PROBLEM TO WORK ON: Please retype the records below exactly as they appear, leaving out every picture.

Start of EXERCISE DATA

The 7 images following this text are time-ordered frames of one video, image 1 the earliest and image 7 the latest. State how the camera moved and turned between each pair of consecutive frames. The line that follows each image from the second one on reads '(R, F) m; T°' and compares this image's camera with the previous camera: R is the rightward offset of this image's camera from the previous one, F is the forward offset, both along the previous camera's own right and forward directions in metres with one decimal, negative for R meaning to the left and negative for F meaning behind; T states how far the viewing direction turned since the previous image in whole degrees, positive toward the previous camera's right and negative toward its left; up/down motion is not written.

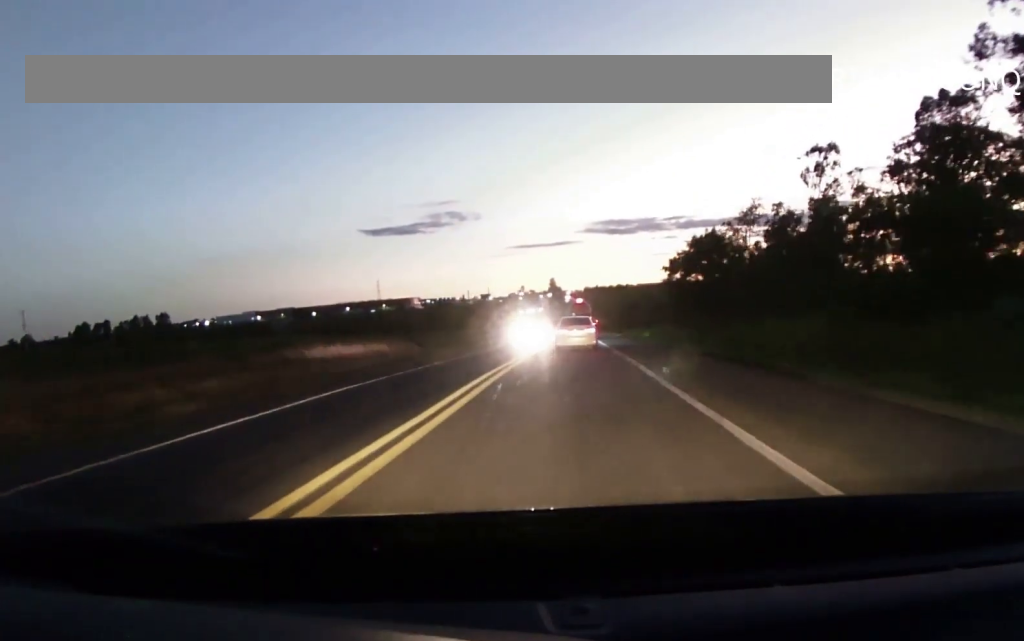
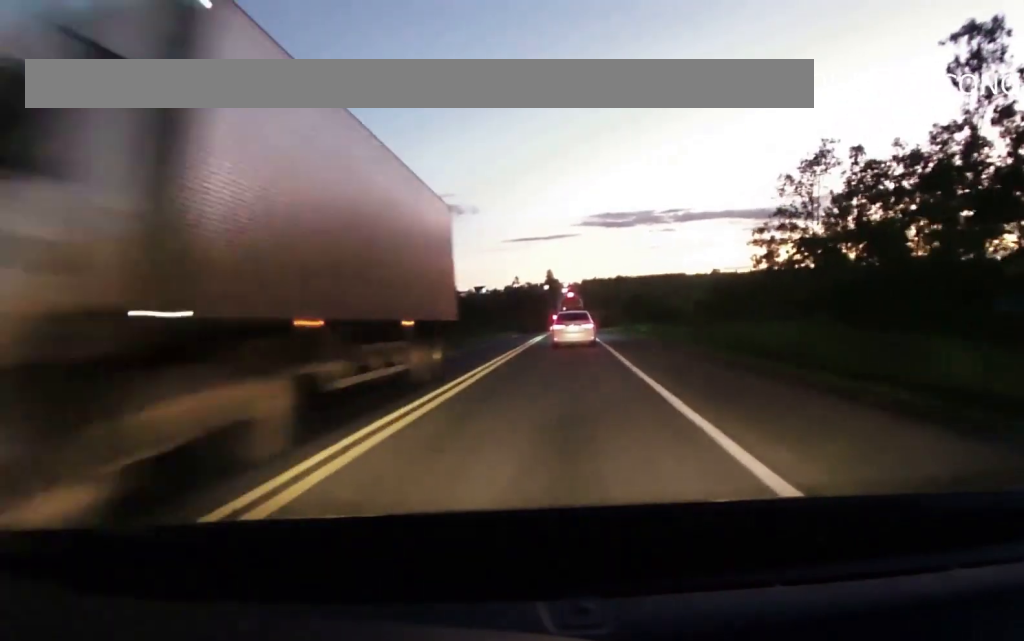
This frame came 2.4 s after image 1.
(-0.1, +46.3) m; 0°
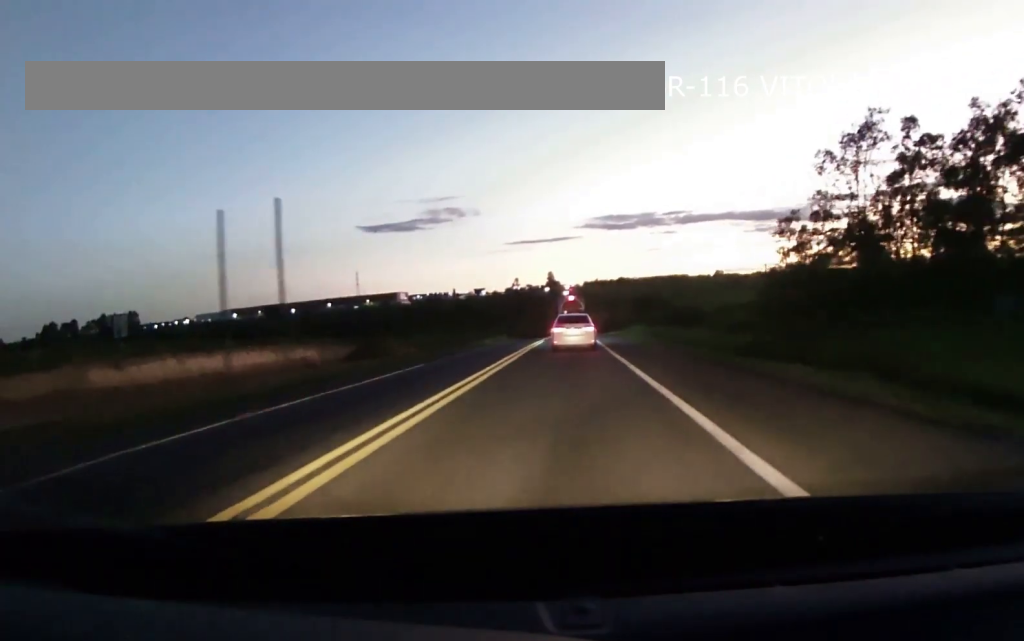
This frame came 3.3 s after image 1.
(+0.2, +17.8) m; 0°
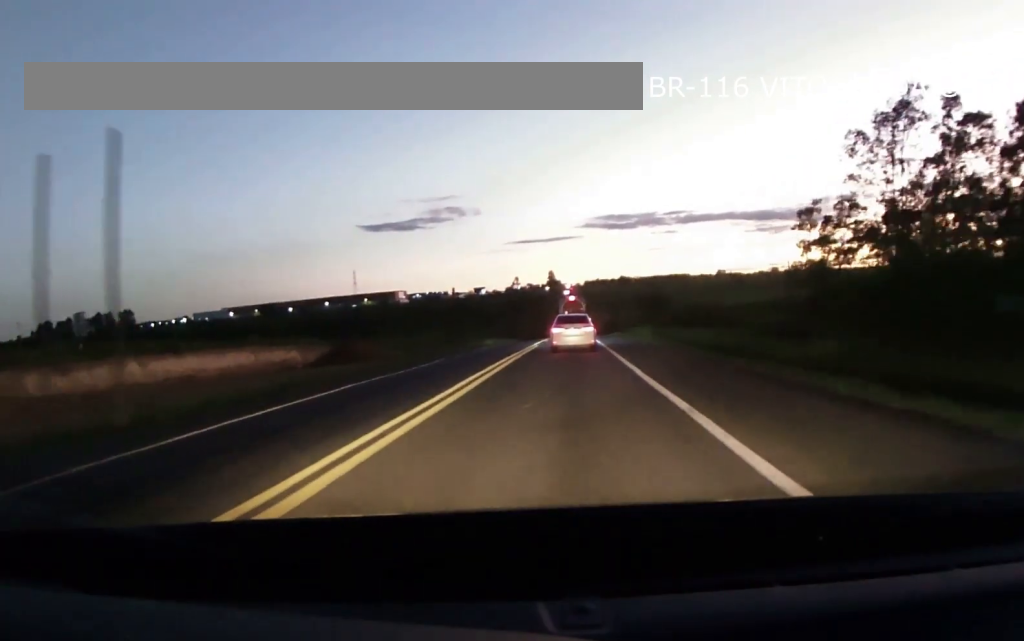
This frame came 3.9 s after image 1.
(+0.1, +10.7) m; 0°
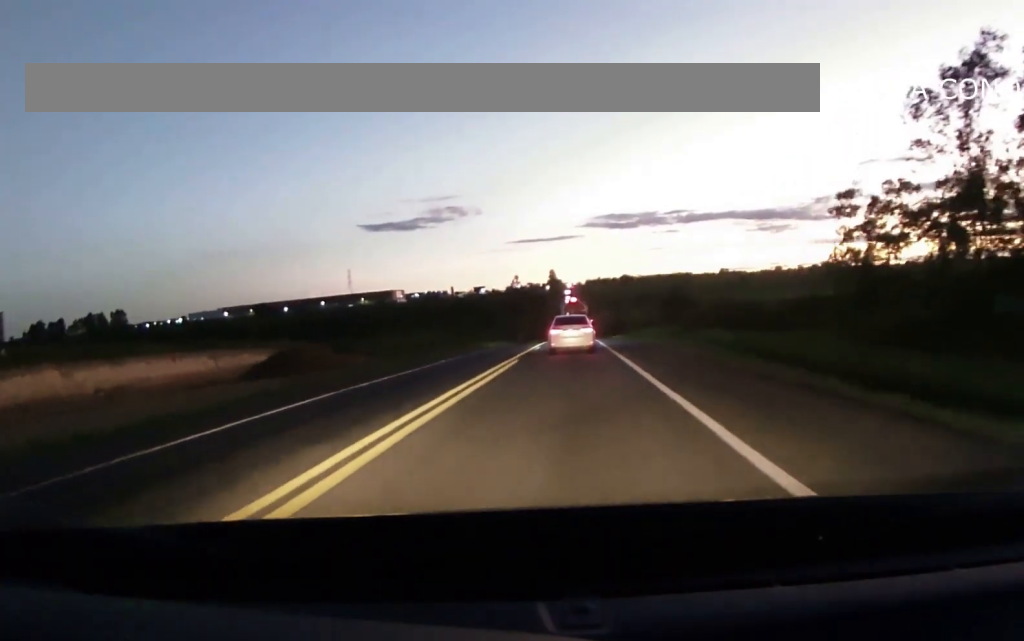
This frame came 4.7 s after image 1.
(-0.2, +17.0) m; -1°
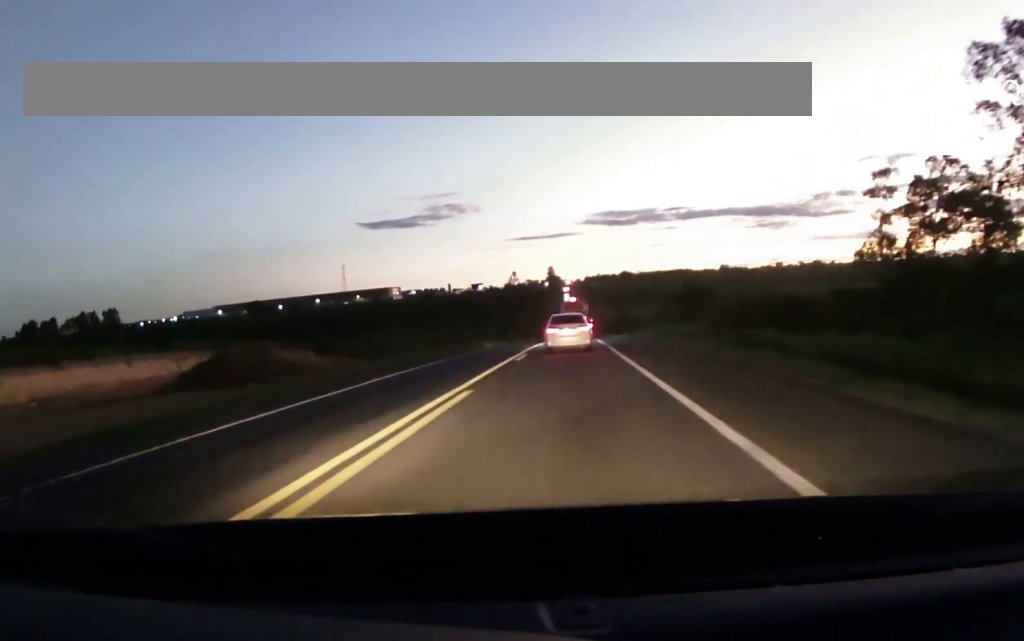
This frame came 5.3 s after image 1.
(0.0, +12.4) m; 0°
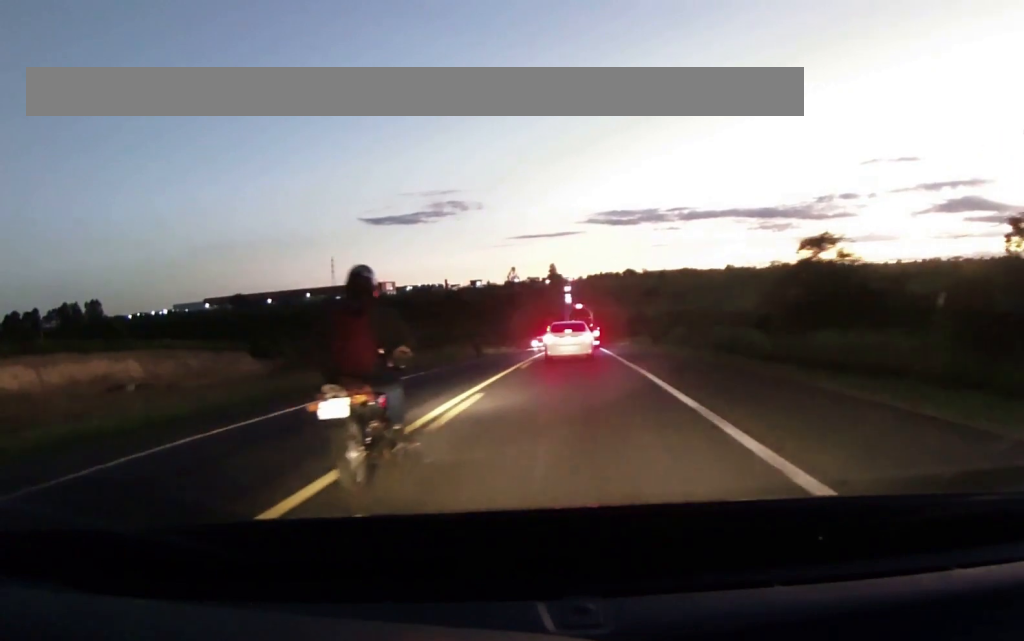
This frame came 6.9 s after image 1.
(0.0, +33.2) m; 0°

End of EXERCISE DATA

WRITTEN RESPONSE:
The 7 images following this text are time-ordered frames of one video, image 1 the earliest and image 7 the latest. State how the camera moved and turned between each pair of consecutive frames. The line that follows each image from the second one on reads '(R, F) m; T°' and compares this image's camera with the previous camera: R is the rightward offset of this image's camera from the previous one, F is the forward offset, both along the previous camera's own right and forward directions in metres with one decimal, negative for R meaning to the left and negative for F meaning behind; T states how far the viewing direction turned since the previous image in whole degrees, positive toward the previous camera's right and negative toward its left; up/down motion is not written.

This frame came 2.4 s after image 1.
(-0.1, +46.3) m; 0°
This frame came 3.3 s after image 1.
(+0.2, +17.8) m; 0°
This frame came 3.9 s after image 1.
(+0.1, +10.7) m; 0°
This frame came 4.7 s after image 1.
(-0.2, +17.0) m; -1°
This frame came 5.3 s after image 1.
(0.0, +12.4) m; 0°
This frame came 6.9 s after image 1.
(0.0, +33.2) m; 0°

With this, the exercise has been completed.